Pouco se fala sobre o tema, mas a aposentadoria pode representar um importante fator de risco para a saúde. Um estudo comandado pelo Centro de Pesquisa em Envelhecimento e Trabalho (CPET) da Faculdade de Medicina da USP mostrou que os problemas são principalmente decorrentes da instabilidade emocional provocada pela expectativa gerada nos anos que precedem a aposentadoria, que incluem apreensões sobre queda no nível de renda e da condição social, e do choque causado pela mudança na rotina. De acordo com a pesquisa, quanto mais cedo a pessoa se aposentar, maior será o impacto sobre a saúde. Profissionais com maior escolaridade e nível de autoridade têm melhor adaptação à mudança e capacidade de lidar com as dificuldades na transição. Outro levantamento, realizado pelo centro de pesquisas inglês Institute of Economic Affairs (IEA), chegou praticamente aos mesmos resultados. Foi apurado que após a aposentadoria a chance de desenvolver depressão pode aumentar em 40% e a possibilidade do aparecimento de um problema físico sobe para 60%. Os dados mostram que há uma pequena melhora na saúde imediatamente depois da aposentadoria, mas um declínio significativo do organismo após o período inicial. “É um problema que acomete principalmente os homens, que costumam ter na empresa ou organização onde atuam seu principal ‘sobrenome’ e cultivam menos relações sociais fora do trabalho do que as mulheres”, explica o presidente do Centro Internacional de Longevidade no Brasil, Alexandre Kalache, que presidiu por 14 anos o Departamento de Envelhecimento e Curso de Vida da Organização Mundial da Saúde (OMS), em Genebra, na Suíça.

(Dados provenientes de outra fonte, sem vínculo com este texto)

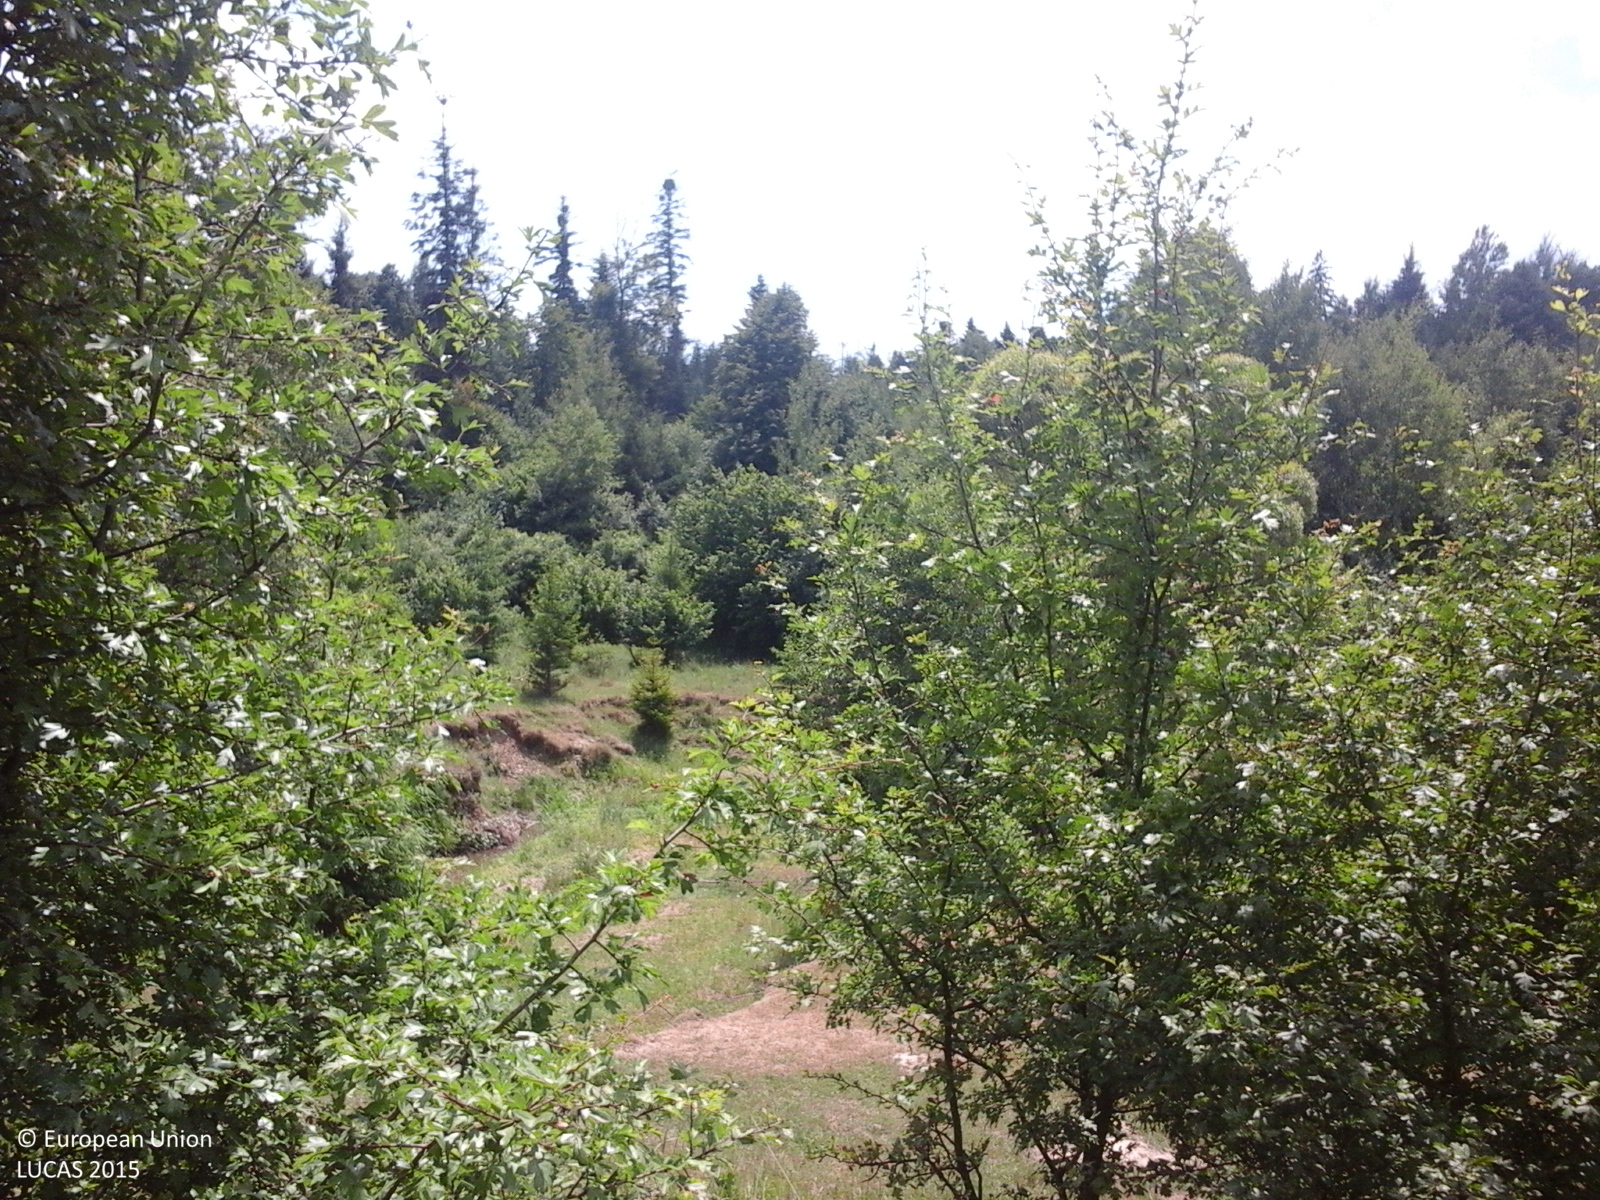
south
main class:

Kalache é um dos destaques do recém-finalizado documentário Envelhescência, dirigido por Gabriel Martinez. O longa apresenta seis exemplos de idosos que fogem do estereótipo normalmente associado à velhice. Aos 73 anos, Judith fez sua primeira tatuagem. Hoje, aos 84, já soma 60 tatuagens e 25 piercings. Edson tem 87 anos e se formou em medicina aos 84. Ono desafia o conhecimento médico ao passar o dia de pé dando aulas de artes marciais, apesar de sofrer de uma artrose que tecnicamente o impediria de andar. “Filmando eu surfei, fui a bares e baladas, pratiquei artes marciais, subi em aviões com paraquedistas, corri parte de uma maratona. E tudo isso acompanhando a rotina de idosos. Depois, com o material em mãos, fui finalizar o filme dentro de escritórios, sentado o dia todo ao lado de pessoas jovens”, brinca Gabriel. “Entendi que a velhice é um estado de espírito e que é possível ser muito ativo na terceira idade se a pessoa não aceitar o estigma de ‘velho’ que normalmente lhe é imposto socialmente.”